RETURN apoc.text.upperCamelCase("Foobar");    // "Foobar"
RETURN apoc.text.upperCamelCase("Foo$$Bar");  // "FooBar"

使用 snakeCase 将字符串转换为蛇形命名法

RETURN apoc.text.snakeCase("test Snake Case"); // "test-snake-case"
RETURN apoc.text.snakeCase("FOO_BAR");         // "foo-bar"
RETURN apoc.text.snakeCase("Foo bar");         // "foo-bar"
RETURN apoc.text.snakeCase("fooBar");          // "foo-bar"
RETURN apoc.text.snakeCase("foo-bar");         // "foo-bar"
RETURN apoc.text.snakeCase("Foo bar");         // "foo-bar"
RETURN apoc.text.snakeCase("Foo  bar");        // "foo-bar"

使用 toUpperCase 将字符串转换为大写

RETURN apoc.text.toUpperCase("test upper case"); // "TEST_UPPER_CASE"
RETURN apoc.text.toUpperCase("FooBar");          // "FOO_BAR"
RETURN apoc.text.toUpperCase("fooBar");          // "FOO_BAR"
RETURN apoc.text.toUpperCase("foo-bar");         // "FOO_BAR"
RETURN apoc.text.toUpperCase("foo--bar");        // "FOO_BAR"
RETURN apoc.text.toUpperCase("foo$$bar");        // "FOO_BAR"
RETURN apoc.text.toUpperCase("foo 22 bar");      // "FOO_22_BAR"

Base64 解码与编码

以 base64 或 base64Url 编码或解码字符串

Base64 编码

RETURN apoc.text.base64Encode("neo4j") // bmVvNGo=

Base64 解码

RETURN apoc.text.base64Decode("bmVvNGo=") // neo4j

Base64 URL 编码

RETURN apoc.text.base64UrlEncode("https://neo4j.ac.cn/?test=test") // aHR0cDovL25lbzRqLmNvbS8_dGVzdD10ZXN0

Base64 URL 解码

RETURN apoc.text.base64UrlDecode("aHR0cDovL25lbzRqLmNvbS8_dGVzdD10ZXN0") // https://neo4j.ac.cn/?test=test

随机字符串

您可以通过调用 apoc.text.random 并提供长度参数和可选的有效字符字符串来生成指定长度的随机字符串。

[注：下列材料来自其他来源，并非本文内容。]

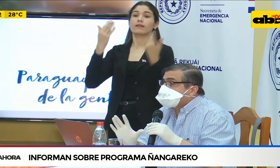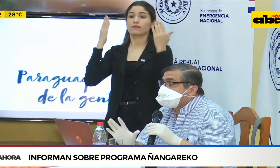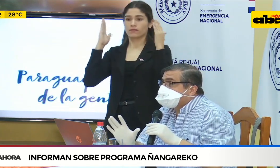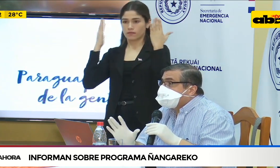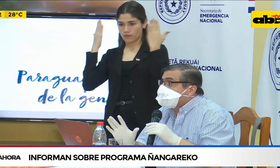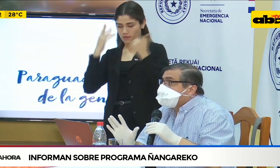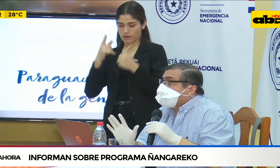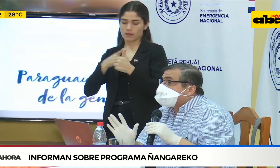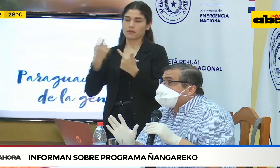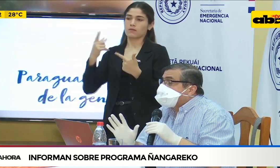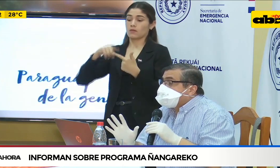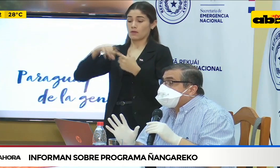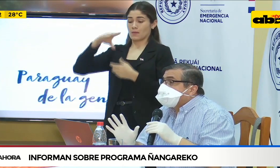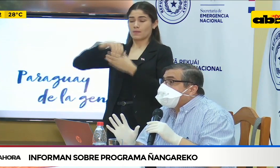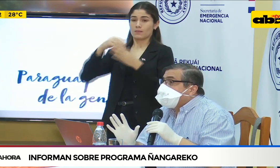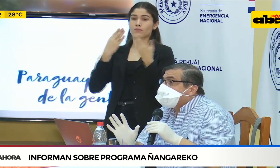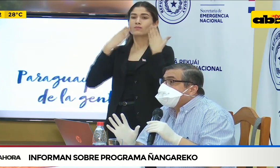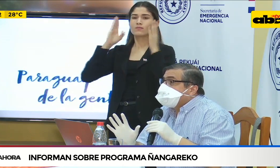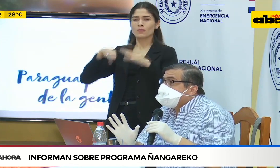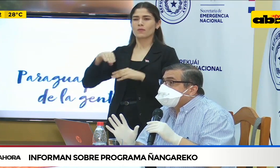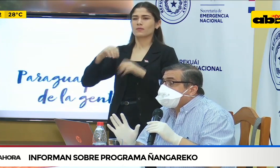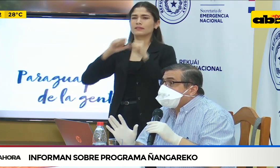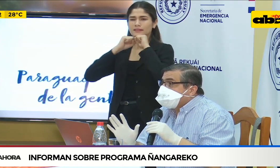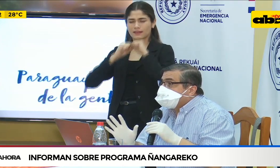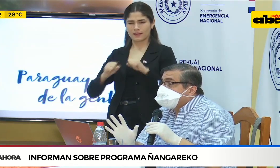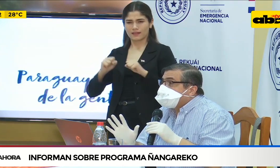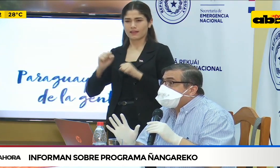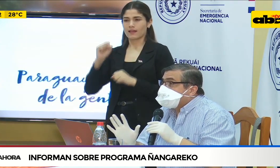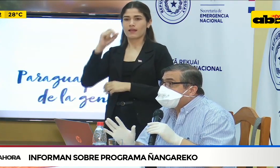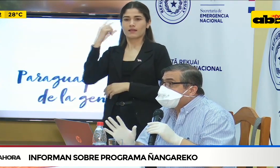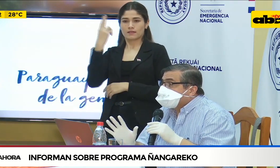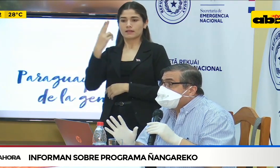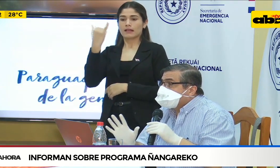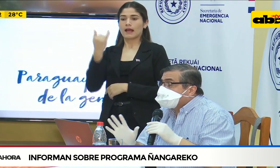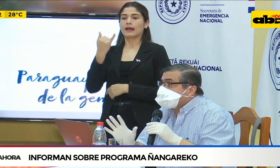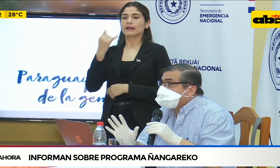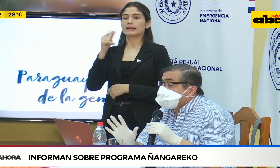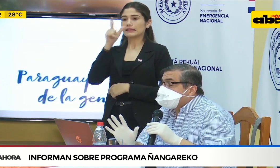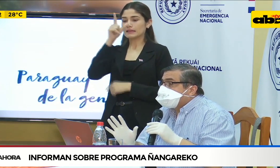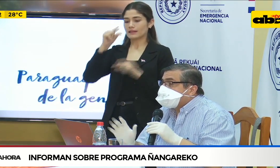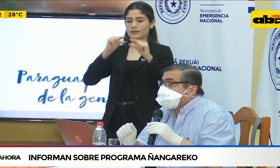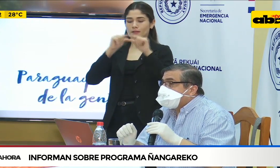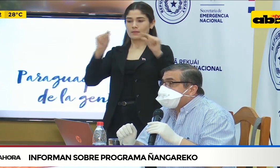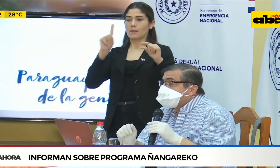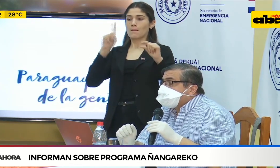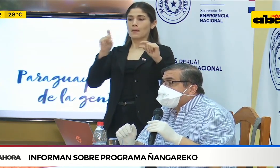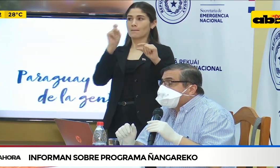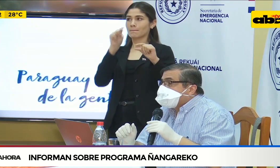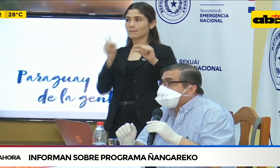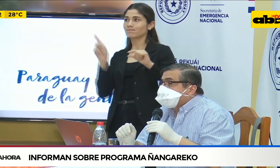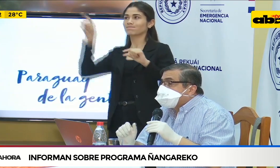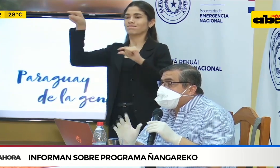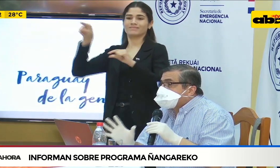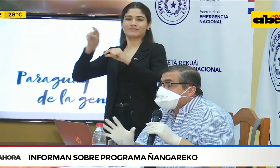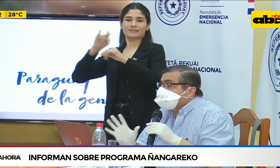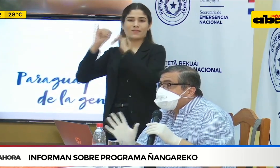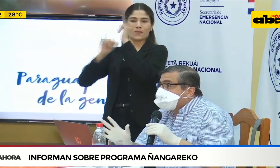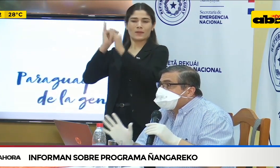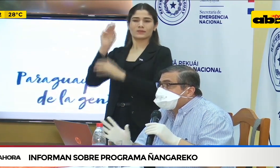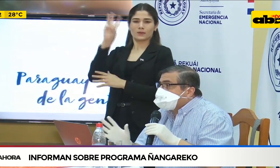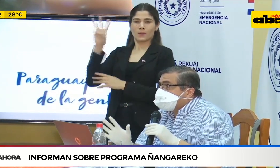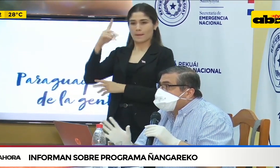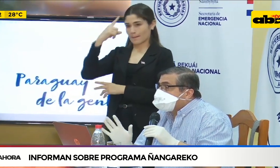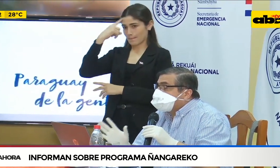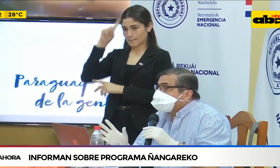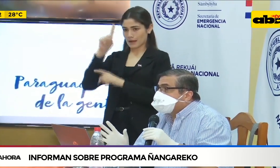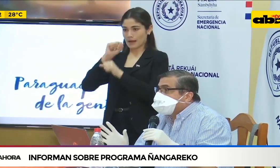de la Senat, estamos dando el link directo a la nube para la consulta, que es un parche inmediato
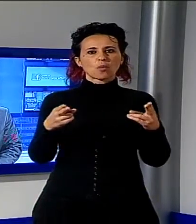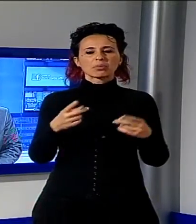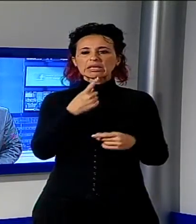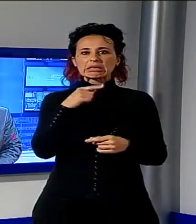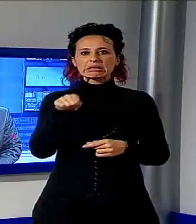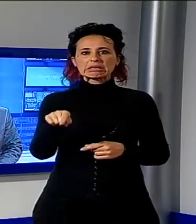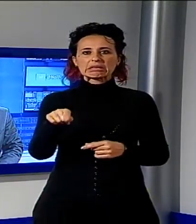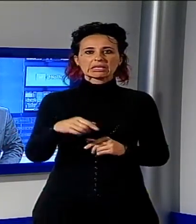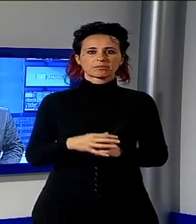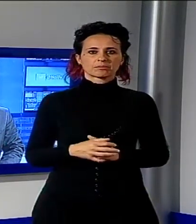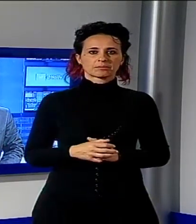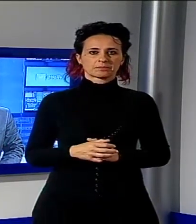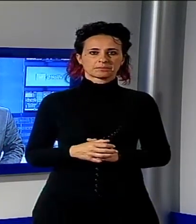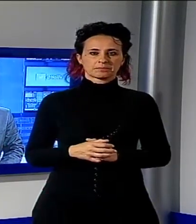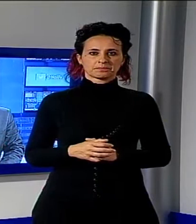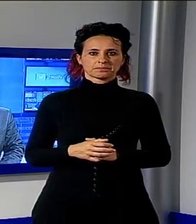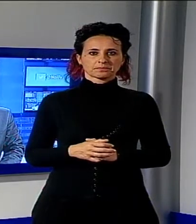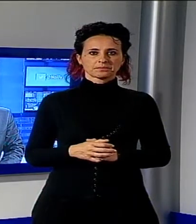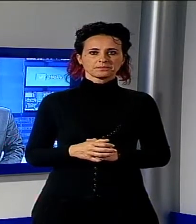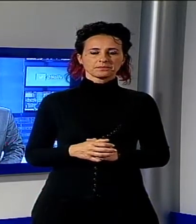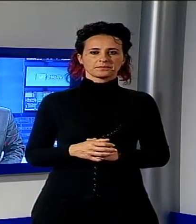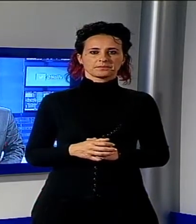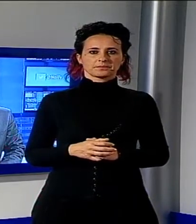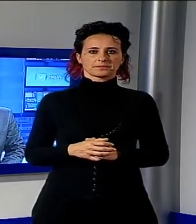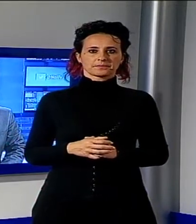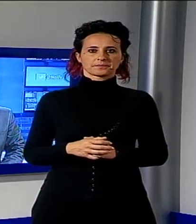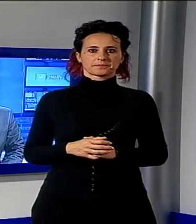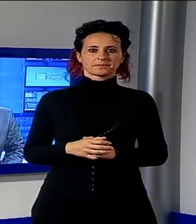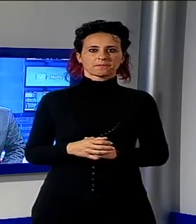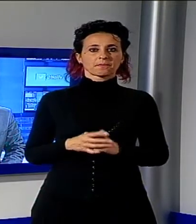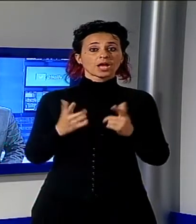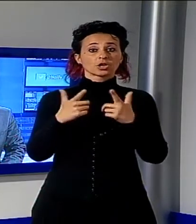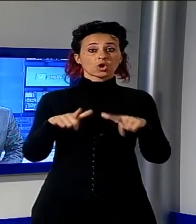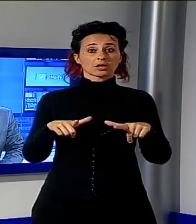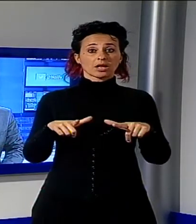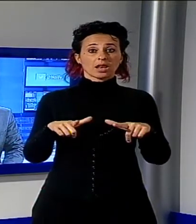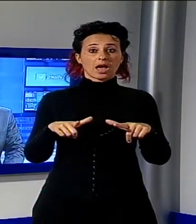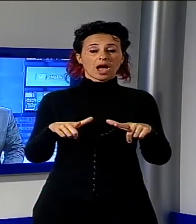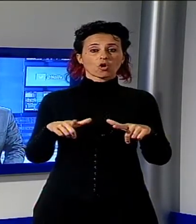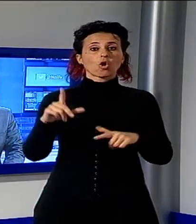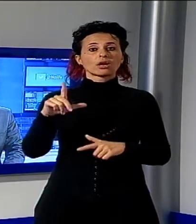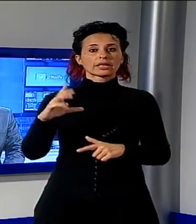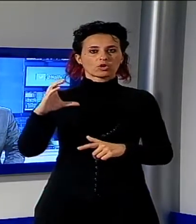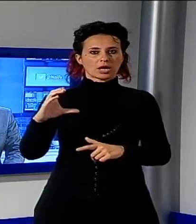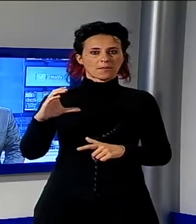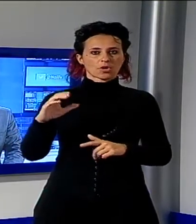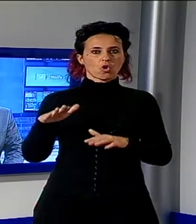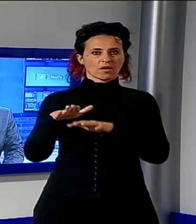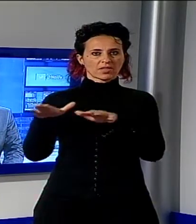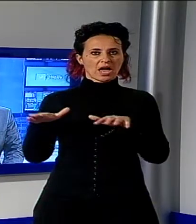questo aggressore al momento ignoto. A Torre del Lago, Lido di Camaiore e Viareggio, la notte scorsa, i

valid 参数将接受以下正则表达式模式，或者您可以提供一个字母和/或字符的字符串。

模式

描述

A-Z

大写字母 A-Z

a-z

小写字母 A-Z

0-9

数字 0-9（包含）

以下调用将返回一个随机字符串，其中包含大写字母、数字以及 . 和 $ 字符。

RETURN apoc.text.random(10, "A-Z0-9.$")

哈希函数

apoc.util.sha1([values])

计算列表中所有字符串值连接的 SHA1 值

apoc.util.md5([values])

计算列表中所有字符串值连接的 MD5 值